Sono venuto al mondo, secondo figlio, pochi minuti dopo la mezzanotte di un sabato, all’inizio dell’inverno. Nacqui in casa, com’era allora ancora abitudine, regola addirittura. I rischi e i dolori del parto venivano accettati e non si pensava neppure di espellerli dalla vita delle donne come sarebbe accaduto di lì ad alcuni anni: si affrontavano e si vivevano; erano, per così dire, parte del gioco.

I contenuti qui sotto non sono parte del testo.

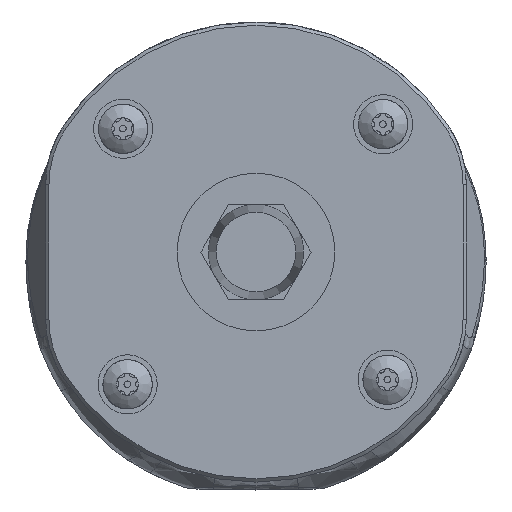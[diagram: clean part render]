
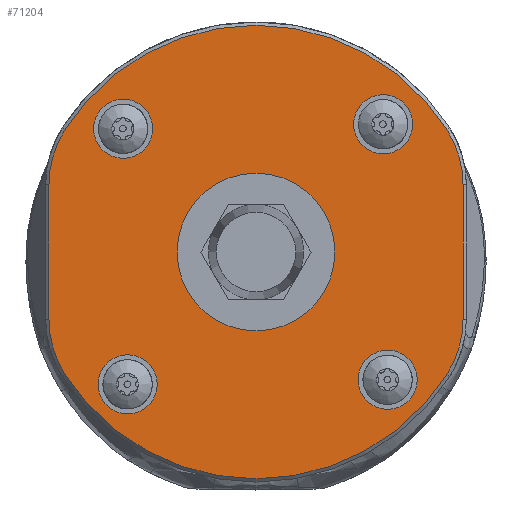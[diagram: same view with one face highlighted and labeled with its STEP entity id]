
A CAD part, front view. The second image highlights one B-rep face of the part: STEP entity #71204.
In plain terms, the highlighted planar face has unit normal (0, -1, 0).
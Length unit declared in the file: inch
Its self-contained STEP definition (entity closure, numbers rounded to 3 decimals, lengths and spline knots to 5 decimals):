
#854 = AXIS2_PLACEMENT_3D ( 'NONE', #71732, #52963, #78936 ) ;
#881 = AXIS2_PLACEMENT_3D ( 'NONE', #44135, #24946, #50970 ) ;
#3024 = EDGE_CURVE ( 'NONE', #47755, #25675, #22968, .T. ) ;
#3606 = EDGE_LOOP ( 'NONE', ( #65911 ) ) ;
#4796 = VERTEX_POINT ( 'NONE', #64336 ) ;
#6270 = FACE_BOUND ( 'NONE', #40408, .T. ) ;
#6618 = EDGE_LOOP ( 'NONE', ( #33146 ) ) ;
#8028 = VERTEX_POINT ( 'NONE', #17287 ) ;
#8654 = AXIS2_PLACEMENT_3D ( 'NONE', #66793, #65958, #59560 ) ;
#10299 = CARTESIAN_POINT ( 'NONE',  ( -0.76181, -7.30836, -1.80568 ) ) ;
#11431 = VERTEX_POINT ( 'NONE', #75801 ) ;
#11566 = ORIENTED_EDGE ( 'NONE', *, *, #54107, .T. ) ;
#11732 = CIRCLE ( 'NONE', #854, 0.61024 ) ;
#11764 = EDGE_CURVE ( 'NONE', #75069, #75069, #60279, .T. ) ;
#11794 = DIRECTION ( 'NONE',  ( 0., 0., -1. ) ) ;
#12238 = FACE_BOUND ( 'NONE', #27303, .T. ) ;
#13035 = EDGE_LOOP ( 'NONE', ( #60729, #11566, #17608, #51802, #42358, #56176, #72589, #56691 ) ) ;
#13572 = EDGE_CURVE ( 'NONE', #69046, #47755, #78056, .T. ) ;
#14743 = DIRECTION ( 'NONE',  ( 0., 0., 1. ) ) ;
#15167 = DIRECTION ( 'NONE',  ( 0., 0., 1. ) ) ;
#15979 = AXIS2_PLACEMENT_3D ( 'NONE', #71386, #52622, #20187 ) ;
#17287 = CARTESIAN_POINT ( 'NONE',  ( 1.1438, -7.30836, -1.68406 ) ) ;
#17420 = EDGE_CURVE ( 'NONE', #75156, #22645, #37225, .T. ) ;
#17608 = ORIENTED_EDGE ( 'NONE', *, *, #50070, .F. ) ;
#19313 = EDGE_CURVE ( 'NONE', #83922, #83922, #59158, .T. ) ;
#20187 = DIRECTION ( 'NONE',  ( 0., 0., 1. ) ) ;
#20401 = CARTESIAN_POINT ( 'NONE',  ( -0.76181, -7.30836, -0.27454 ) ) ;
#22645 = VERTEX_POINT ( 'NONE', #66209 ) ;
#22968 = CIRCLE ( 'NONE', #80109, 1.35827 ) ;
#24946 = DIRECTION ( 'NONE',  ( 0., 1., 0. ) ) ;
#25675 = VERTEX_POINT ( 'NONE', #60507 ) ;
#27167 = DIRECTION ( 'NONE',  ( 0., 1., 0. ) ) ;
#27222 = VECTOR ( 'NONE', #64084, 39.37008 ) ;
#27303 = EDGE_LOOP ( 'NONE', ( #47990 ) ) ;
#29398 = AXIS2_PLACEMENT_3D ( 'NONE', #57158, #31548, #50346 ) ;
#29587 = LINE ( 'NONE', #67984, #32180 ) ;
#31548 = DIRECTION ( 'NONE',  ( 0., 1., 0. ) ) ;
#32180 = VECTOR ( 'NONE', #60734, 39.37008 ) ;
#32225 = FACE_OUTER_BOUND ( 'NONE', #13035, .T. ) ;
#32486 = CARTESIAN_POINT ( 'NONE',  ( 1.24016, -7.30836, -0.5481 ) ) ;
#33146 = ORIENTED_EDGE ( 'NONE', *, *, #44917, .T. ) ;
#33562 = CARTESIAN_POINT ( 'NONE',  ( 0.76181, -7.30836, -1.7171 ) ) ;
#34467 = CARTESIAN_POINT ( 'NONE',  ( 0.76181, -7.30836, -0.18596 ) ) ;
#34600 = AXIS2_PLACEMENT_3D ( 'NONE', #70187, #58234, #11794 ) ;
#34885 = AXIS2_PLACEMENT_3D ( 'NONE', #33562, #27167, #79170 ) ;
#34890 = DIRECTION ( 'NONE',  ( 0., 1., 0. ) ) ;
#35272 = DIRECTION ( 'NONE',  ( 0., 0., -1. ) ) ;
#35737 = AXIS2_PLACEMENT_3D ( 'NONE', #48503, #75338, #35272 ) ;
#35890 = EDGE_CURVE ( 'NONE', #69046, #22645, #29587, .T. ) ;
#37225 = CIRCLE ( 'NONE', #39936, 0.61024 ) ;
#39175 = EDGE_LOOP ( 'NONE', ( #74400 ) ) ;
#39936 = AXIS2_PLACEMENT_3D ( 'NONE', #43514, #69966, #57169 ) ;
#40408 = EDGE_LOOP ( 'NONE', ( #58740 ) ) ;
#42358 = ORIENTED_EDGE ( 'NONE', *, *, #13572, .F. ) ;
#43075 = CARTESIAN_POINT ( 'NONE',  ( 0., -7.30836, -1.3157 ) ) ;
#43514 = CARTESIAN_POINT ( 'NONE',  ( -0.62992, -7.30836, -1.35495 ) ) ;
#44135 = CARTESIAN_POINT ( 'NONE',  ( -0.76181, -7.30836, -0.18596 ) ) ;
#44543 = EDGE_CURVE ( 'NONE', #8028, #75156, #55273, .T. ) ;
#44917 = EDGE_CURVE ( 'NONE', #78814, #78814, #82476, .T. ) ;
#46011 = DIRECTION ( 'NONE',  ( 0., 0., -1. ) ) ;
#47133 = DIRECTION ( 'NONE',  ( 0., 1., 0. ) ) ;
#47755 = VERTEX_POINT ( 'NONE', #48272 ) ;
#47990 = ORIENTED_EDGE ( 'NONE', *, *, #64217, .T. ) ;
#48272 = CARTESIAN_POINT ( 'NONE',  ( -1.1438, -7.30836, -0.219 ) ) ;
#48503 = CARTESIAN_POINT ( 'NONE',  ( -0.76181, -7.30836, -1.7171 ) ) ;
#50070 = EDGE_CURVE ( 'NONE', #25675, #4796, #11732, .T. ) ;
#50346 = DIRECTION ( 'NONE',  ( 0., 0., 1. ) ) ;
#50970 = DIRECTION ( 'NONE',  ( 0., 0., -1. ) ) ;
#51051 = VERTEX_POINT ( 'NONE', #76630 ) ;
#51802 = ORIENTED_EDGE ( 'NONE', *, *, #3024, .F. ) ;
#52622 = DIRECTION ( 'NONE',  ( 0., 1., 0. ) ) ;
#52732 = CIRCLE ( 'NONE', #15979, 0.61024 ) ;
#52963 = DIRECTION ( 'NONE',  ( 0., 1., 0. ) ) ;
#53195 = CARTESIAN_POINT ( 'NONE',  ( -1.24016, -7.30836, -0.5481 ) ) ;
#54107 = EDGE_CURVE ( 'NONE', #61281, #4796, #71741, .T. ) ;
#55273 = CIRCLE ( 'NONE', #29398, 1.35827 ) ;
#56176 = ORIENTED_EDGE ( 'NONE', *, *, #35890, .T. ) ;
#56691 = ORIENTED_EDGE ( 'NONE', *, *, #44543, .F. ) ;
#57158 = CARTESIAN_POINT ( 'NONE',  ( 0., -7.30836, -0.95153 ) ) ;
#57169 = DIRECTION ( 'NONE',  ( 0., 0., 1. ) ) ;
#57435 = FACE_BOUND ( 'NONE', #3606, .T. ) ;
#58234 = DIRECTION ( 'NONE',  ( 0., 1., 0. ) ) ;
#58265 = PLANE ( 'NONE',  #73007 ) ;
#58740 = ORIENTED_EDGE ( 'NONE', *, *, #11764, .T. ) ;
#59158 = CIRCLE ( 'NONE', #34600, 0.36417 ) ;
#59560 = DIRECTION ( 'NONE',  ( 0., 0., 1. ) ) ;
#60279 = CIRCLE ( 'NONE', #35737, 0.08858 ) ;
#60339 = AXIS2_PLACEMENT_3D ( 'NONE', #34467, #34890, #46011 ) ;
#60507 = CARTESIAN_POINT ( 'NONE',  ( 1.1438, -7.30836, -0.219 ) ) ;
#60729 = ORIENTED_EDGE ( 'NONE', *, *, #74726, .F. ) ;
#60734 = DIRECTION ( 'NONE',  ( 0., 0., -1. ) ) ;
#61281 = VERTEX_POINT ( 'NONE', #65842 ) ;
#61763 = CIRCLE ( 'NONE', #60339, 0.08858 ) ;
#64084 = DIRECTION ( 'NONE',  ( 0., 0., 1. ) ) ;
#64217 = EDGE_CURVE ( 'NONE', #11431, #11431, #61763, .T. ) ;
#64336 = CARTESIAN_POINT ( 'NONE',  ( 1.24016, -7.30836, -0.5481 ) ) ;
#64651 = FACE_BOUND ( 'NONE', #39175, .T. ) ;
#65842 = CARTESIAN_POINT ( 'NONE',  ( 1.24016, -7.30836, -1.35495 ) ) ;
#65911 = ORIENTED_EDGE ( 'NONE', *, *, #19313, .T. ) ;
#65958 = DIRECTION ( 'NONE',  ( 0., 1., 0. ) ) ;
#66209 = CARTESIAN_POINT ( 'NONE',  ( -1.24016, -7.30836, -1.35495 ) ) ;
#66793 = CARTESIAN_POINT ( 'NONE',  ( -0.62992, -7.30836, -0.5481 ) ) ;
#67405 = EDGE_CURVE ( 'NONE', #51051, #51051, #75746, .T. ) ;
#67984 = CARTESIAN_POINT ( 'NONE',  ( -1.24016, -7.30836, -1.35495 ) ) ;
#69046 = VERTEX_POINT ( 'NONE', #53195 ) ;
#69533 = CARTESIAN_POINT ( 'NONE',  ( -1.1438, -7.30836, -1.68406 ) ) ;
#69966 = DIRECTION ( 'NONE',  ( 0., 1., 0. ) ) ;
#70187 = CARTESIAN_POINT ( 'NONE',  ( 0., -7.30836, -0.95153 ) ) ;
#71204 = ADVANCED_FACE ( 'NONE', ( #57435, #77017, #12238, #64651, #6270, #32225 ), #58265, .F. ) ;
#71386 = CARTESIAN_POINT ( 'NONE',  ( 0.62992, -7.30836, -1.35495 ) ) ;
#71732 = CARTESIAN_POINT ( 'NONE',  ( 0.62992, -7.30836, -0.5481 ) ) ;
#71741 = LINE ( 'NONE', #32486, #27222 ) ;
#72589 = ORIENTED_EDGE ( 'NONE', *, *, #17420, .F. ) ;
#73007 = AXIS2_PLACEMENT_3D ( 'NONE', #73153, #79514, #15167 ) ;
#73153 = CARTESIAN_POINT ( 'NONE',  ( 0., -7.30836, -0.95153 ) ) ;
#74400 = ORIENTED_EDGE ( 'NONE', *, *, #67405, .T. ) ;
#74726 = EDGE_CURVE ( 'NONE', #61281, #8028, #52732, .T. ) ;
#75069 = VERTEX_POINT ( 'NONE', #10299 ) ;
#75156 = VERTEX_POINT ( 'NONE', #69533 ) ;
#75338 = DIRECTION ( 'NONE',  ( 0., 1., 0. ) ) ;
#75746 = CIRCLE ( 'NONE', #34885, 0.08858 ) ;
#75801 = CARTESIAN_POINT ( 'NONE',  ( 0.76181, -7.30836, -0.27454 ) ) ;
#76630 = CARTESIAN_POINT ( 'NONE',  ( 0.76181, -7.30836, -1.80568 ) ) ;
#77017 = FACE_BOUND ( 'NONE', #6618, .T. ) ;
#78056 = CIRCLE ( 'NONE', #8654, 0.61024 ) ;
#78814 = VERTEX_POINT ( 'NONE', #20401 ) ;
#78936 = DIRECTION ( 'NONE',  ( 0., 0., 1. ) ) ;
#79170 = DIRECTION ( 'NONE',  ( 0., 0., -1. ) ) ;
#79509 = CARTESIAN_POINT ( 'NONE',  ( 0., -7.30836, -0.95153 ) ) ;
#79514 = DIRECTION ( 'NONE',  ( 0., 1., 0. ) ) ;
#80109 = AXIS2_PLACEMENT_3D ( 'NONE', #79509, #47133, #14743 ) ;
#82476 = CIRCLE ( 'NONE', #881, 0.08858 ) ;
#83922 = VERTEX_POINT ( 'NONE', #43075 ) ;

Su quella remota notte d’inverno mi sono rimaste tante domande senza risposta, curiosità ovvie, forse anche banali, riguardo a un passaggio così importante nella mia vita. Domande che, senza una ragione, ho rinunciato a porre ai miei genitori. Ignoro, quindi, molte delle circostanze in cui è avvenuta la mia nascita.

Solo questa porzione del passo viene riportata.